- Opening Delimiter -
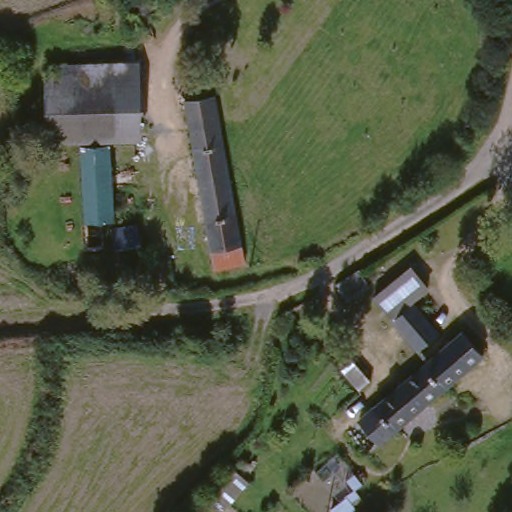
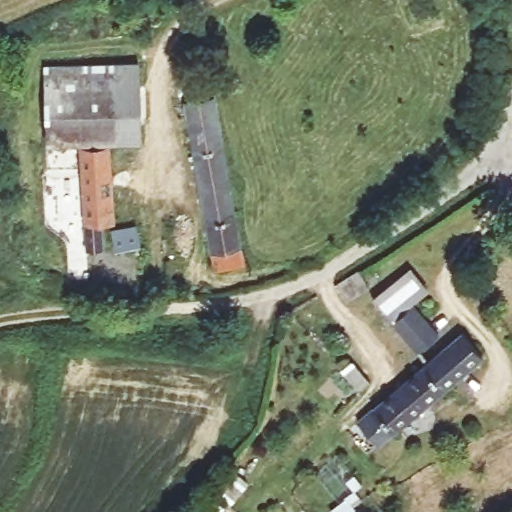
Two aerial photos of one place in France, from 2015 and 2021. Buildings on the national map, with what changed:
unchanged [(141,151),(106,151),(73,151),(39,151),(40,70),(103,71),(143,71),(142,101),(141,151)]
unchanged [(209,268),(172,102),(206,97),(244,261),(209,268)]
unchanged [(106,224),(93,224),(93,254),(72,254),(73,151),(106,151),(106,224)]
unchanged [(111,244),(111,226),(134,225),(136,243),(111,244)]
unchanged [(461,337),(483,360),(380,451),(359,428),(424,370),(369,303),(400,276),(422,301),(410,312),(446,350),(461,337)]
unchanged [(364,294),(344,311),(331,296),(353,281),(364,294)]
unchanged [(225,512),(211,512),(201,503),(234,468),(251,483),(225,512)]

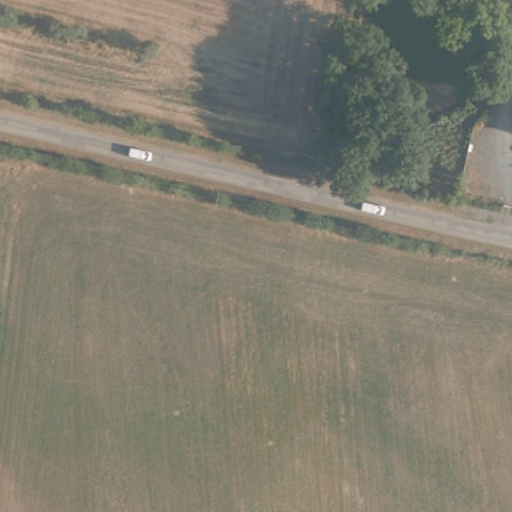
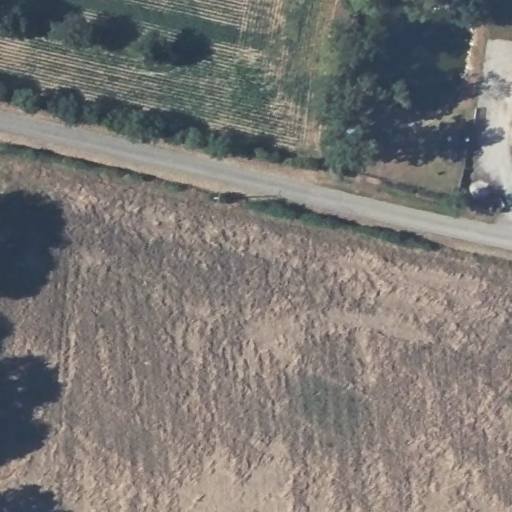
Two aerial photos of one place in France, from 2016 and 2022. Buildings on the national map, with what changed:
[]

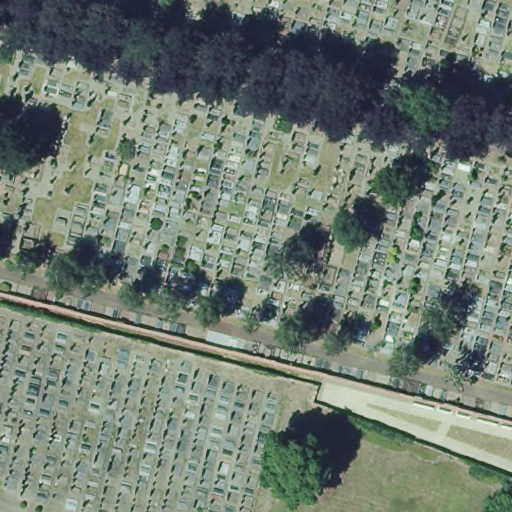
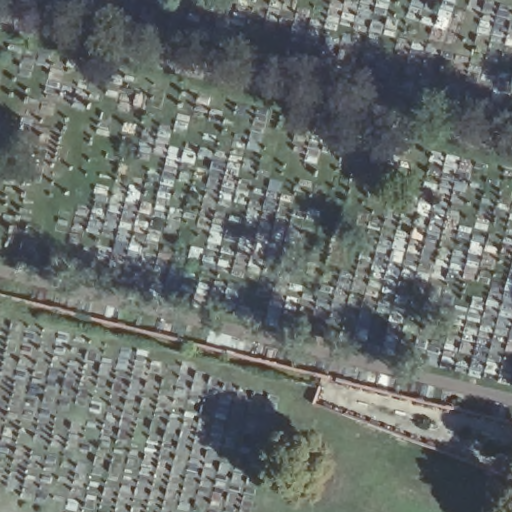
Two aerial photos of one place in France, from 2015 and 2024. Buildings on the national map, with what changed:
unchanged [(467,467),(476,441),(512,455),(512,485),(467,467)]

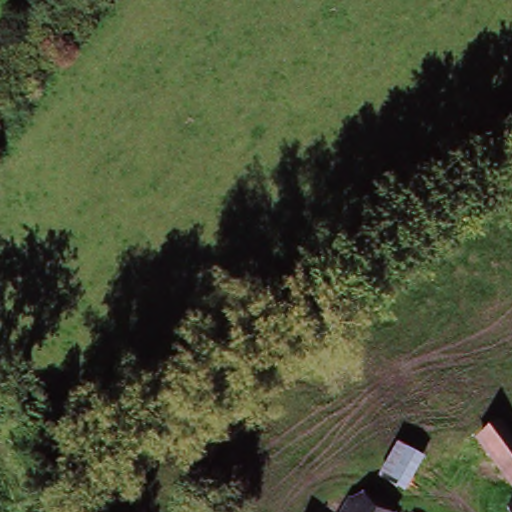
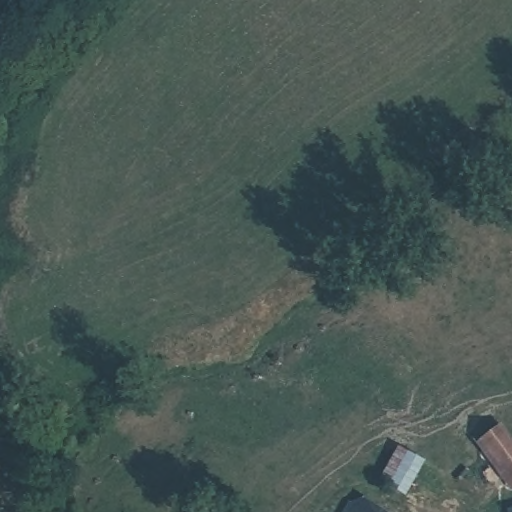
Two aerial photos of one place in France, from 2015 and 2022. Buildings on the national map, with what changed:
- Closing Delimiter -
- Opening Delimiter -
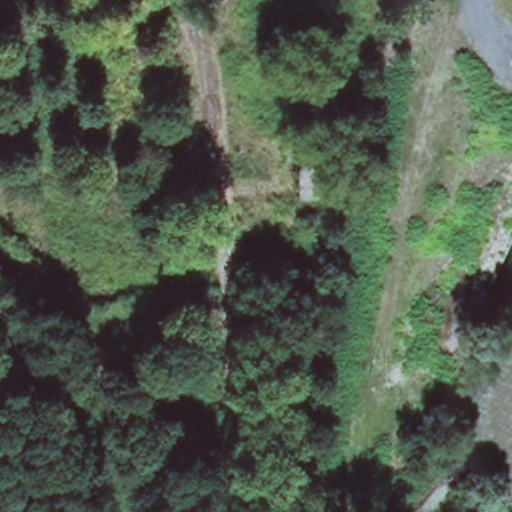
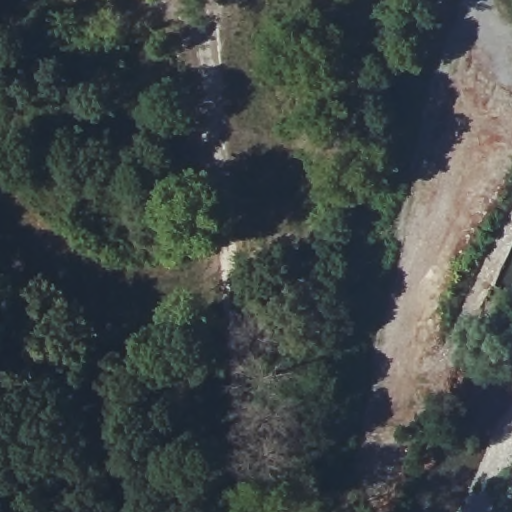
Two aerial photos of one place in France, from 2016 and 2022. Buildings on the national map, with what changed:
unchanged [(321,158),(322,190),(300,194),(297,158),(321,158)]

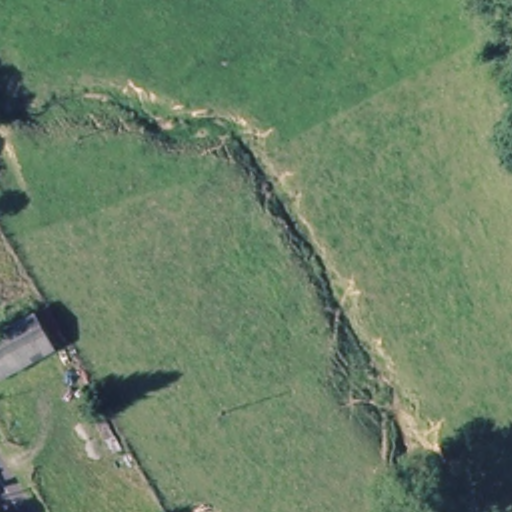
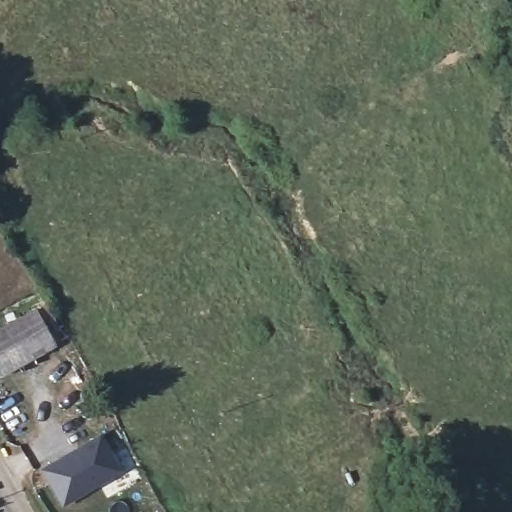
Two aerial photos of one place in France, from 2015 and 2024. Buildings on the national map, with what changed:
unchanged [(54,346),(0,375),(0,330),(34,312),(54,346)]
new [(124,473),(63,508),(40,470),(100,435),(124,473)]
- Closing Delimiter -
- Opening Delimiter -
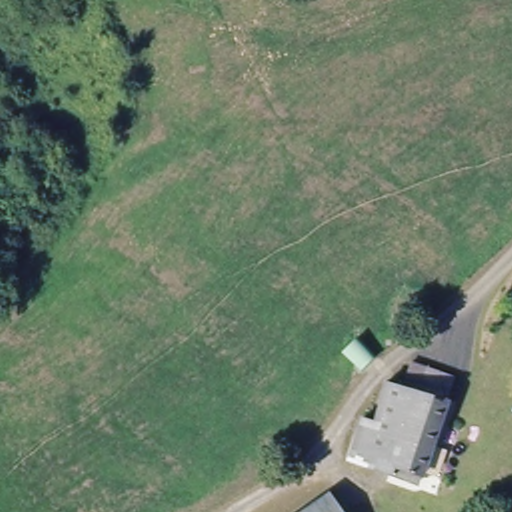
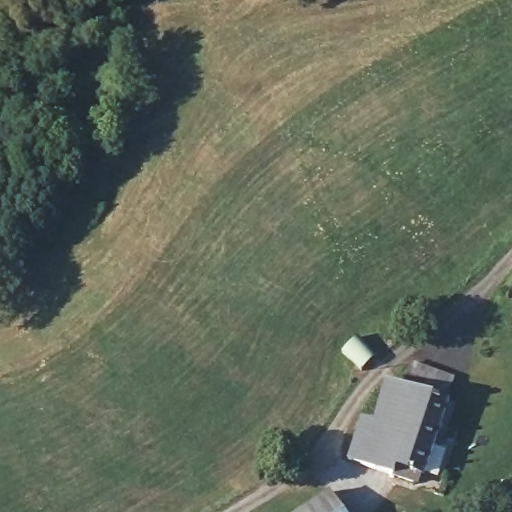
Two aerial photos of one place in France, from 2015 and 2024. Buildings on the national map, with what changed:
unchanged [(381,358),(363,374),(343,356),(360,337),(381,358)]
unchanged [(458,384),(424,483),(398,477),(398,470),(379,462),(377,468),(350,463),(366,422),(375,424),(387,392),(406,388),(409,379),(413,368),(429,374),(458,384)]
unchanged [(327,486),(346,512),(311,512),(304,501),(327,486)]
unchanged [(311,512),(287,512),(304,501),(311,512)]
- Closing Delimiter -
PROBLEM:
Reproduce the data above exactly, but only from the line containing "2015 and 2021." through the line containing "2015 and 2022."; skip the pictures.

RESPONSE TO THIS EXERCISE:
Two aerial photos of one place in France, from 2015 and 2021. Buildings on the national map, with what changed:
unchanged [(141,151),(106,151),(73,151),(39,151),(40,70),(103,71),(143,71),(142,101),(141,151)]
unchanged [(209,268),(172,102),(206,97),(244,261),(209,268)]
unchanged [(106,224),(93,224),(93,254),(72,254),(73,151),(106,151),(106,224)]
unchanged [(111,244),(111,226),(134,225),(136,243),(111,244)]
unchanged [(461,337),(483,360),(380,451),(359,428),(424,370),(369,303),(400,276),(422,301),(410,312),(446,350),(461,337)]
unchanged [(364,294),(344,311),(331,296),(353,281),(364,294)]
unchanged [(225,512),(211,512),(201,503),(234,468),(251,483),(225,512)]

Two aerial photos of one place in France, from 2016 and 2022. Buildings on the national map, with what changed:
[]

Two aerial photos of one place in France, from 2015 and 2024. Buildings on the national map, with what changed:
unchanged [(467,467),(476,441),(512,455),(512,485),(467,467)]

Two aerial photos of one place in France, from 2015 and 2022. Buildings on the national map, with what changed:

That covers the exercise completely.